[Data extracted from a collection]
-------

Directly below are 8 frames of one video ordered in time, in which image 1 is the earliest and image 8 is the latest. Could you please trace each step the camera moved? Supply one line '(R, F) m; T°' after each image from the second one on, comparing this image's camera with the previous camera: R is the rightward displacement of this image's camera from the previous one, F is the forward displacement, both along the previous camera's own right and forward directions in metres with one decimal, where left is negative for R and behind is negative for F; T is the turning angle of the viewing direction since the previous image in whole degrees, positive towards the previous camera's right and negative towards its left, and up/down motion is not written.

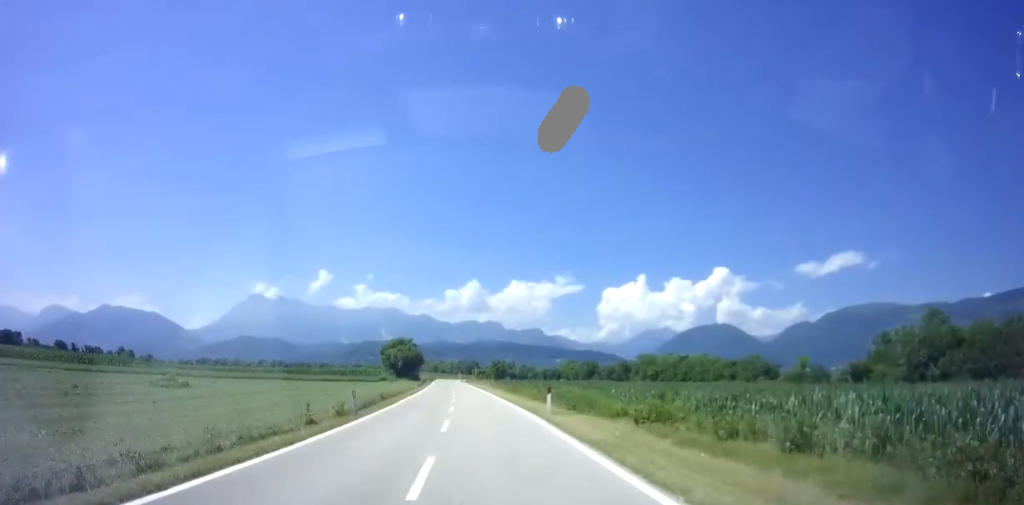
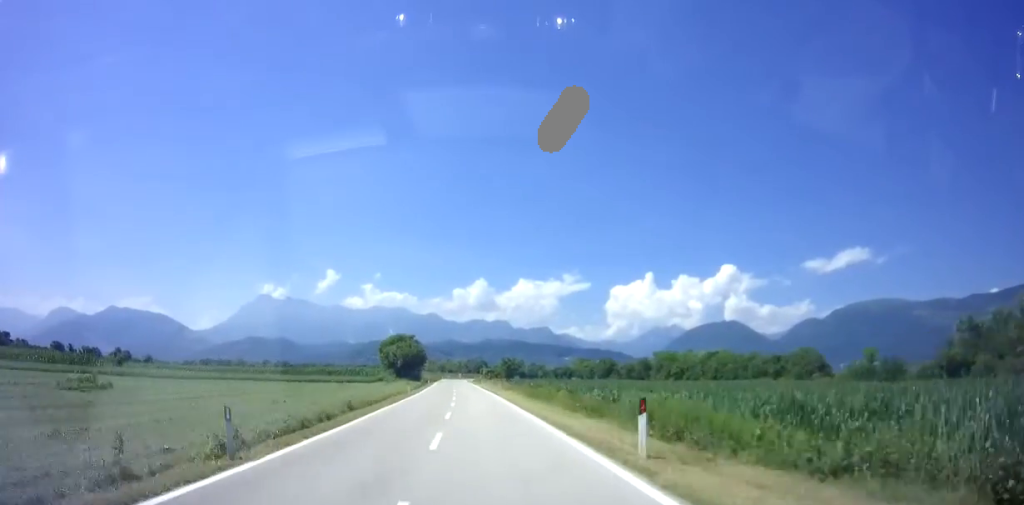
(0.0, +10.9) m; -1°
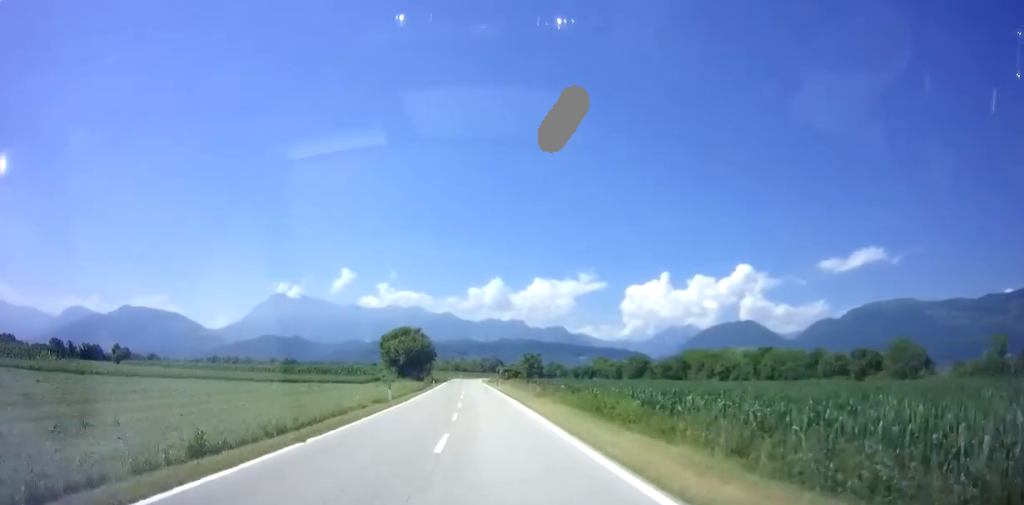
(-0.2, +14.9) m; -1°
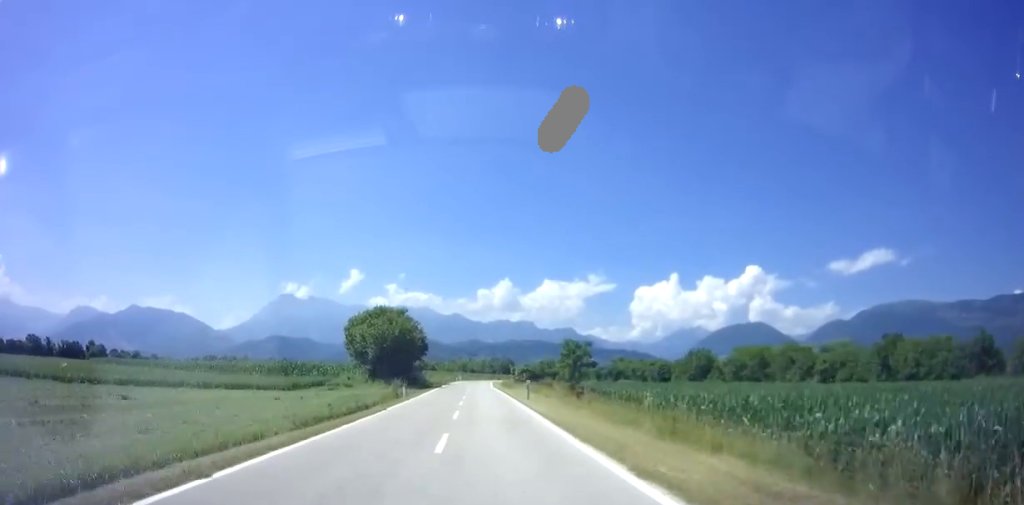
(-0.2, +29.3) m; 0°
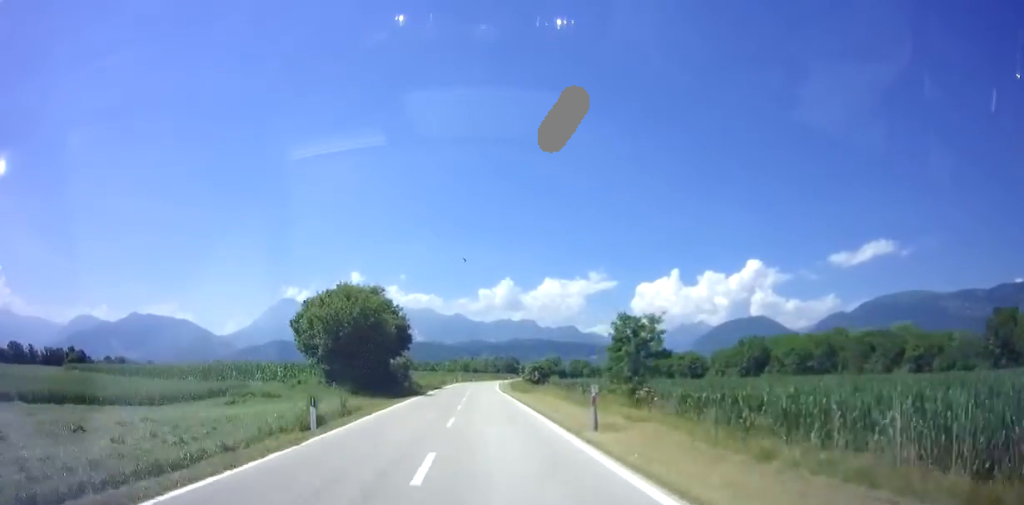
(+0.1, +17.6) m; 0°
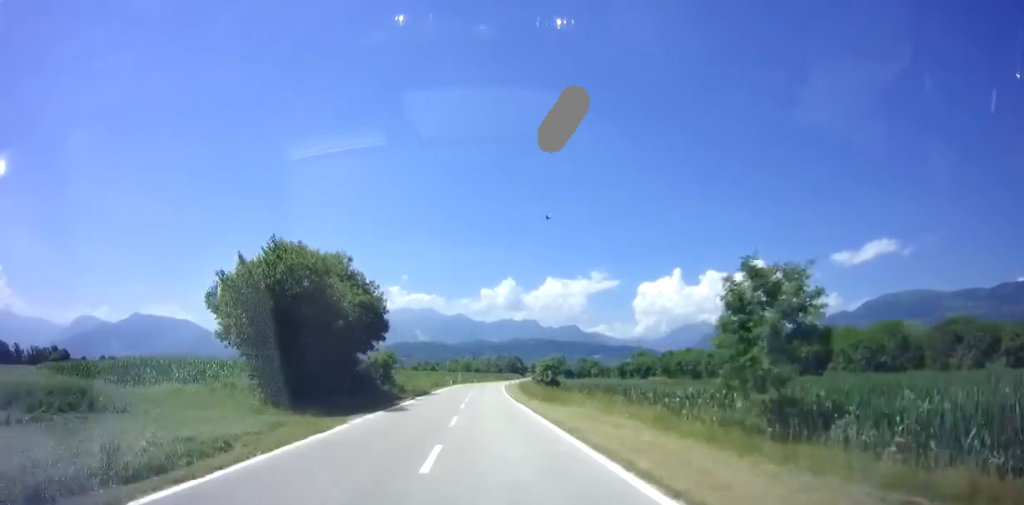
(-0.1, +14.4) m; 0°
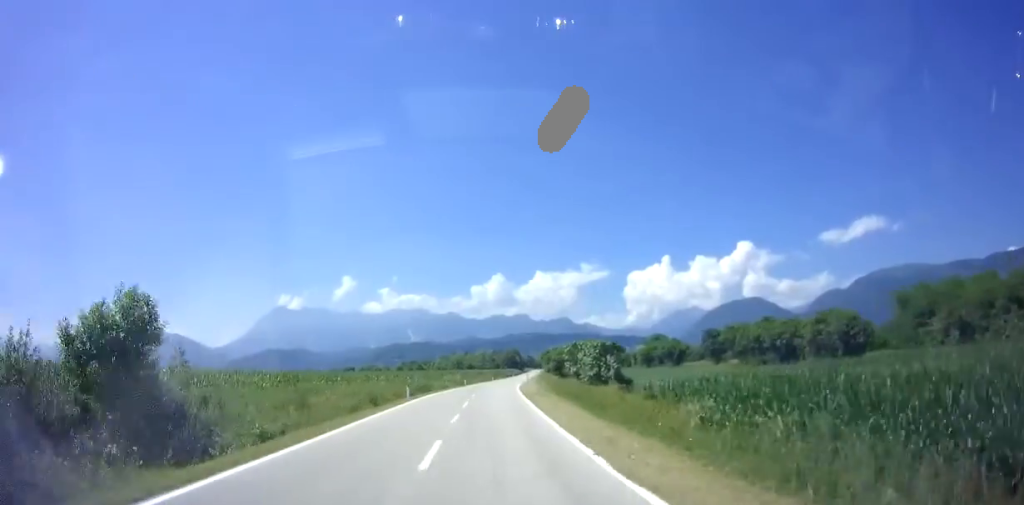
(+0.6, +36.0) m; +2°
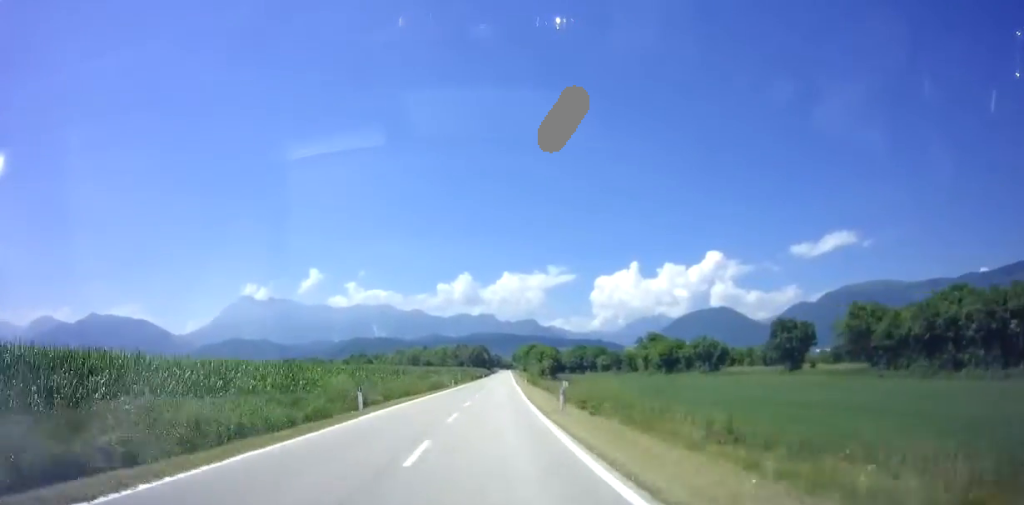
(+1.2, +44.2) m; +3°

-------

§ What the exercise asks
Reproduce all the records verbatim, excluding images.

§ Result of the exercise
Directly below are 8 frames of one video ordered in time, in which image 1 is the earliest and image 8 is the latest. Could you please trace each step the camera moved? Supply one line '(R, F) m; T°' after each image from the second one on, comparing this image's camera with the previous camera: R is the rightward displacement of this image's camera from the previous one, F is the forward displacement, both along the previous camera's own right and forward directions in metres with one decimal, where left is negative for R and behind is negative for F; T is the turning angle of the viewing direction since the previous image in whole degrees, positive towards the previous camera's right and negative towards its left, and up/down motion is not written.

(0.0, +10.9) m; -1°
(-0.2, +14.9) m; -1°
(-0.2, +29.3) m; 0°
(+0.1, +17.6) m; 0°
(-0.1, +14.4) m; 0°
(+0.6, +36.0) m; +2°
(+1.2, +44.2) m; +3°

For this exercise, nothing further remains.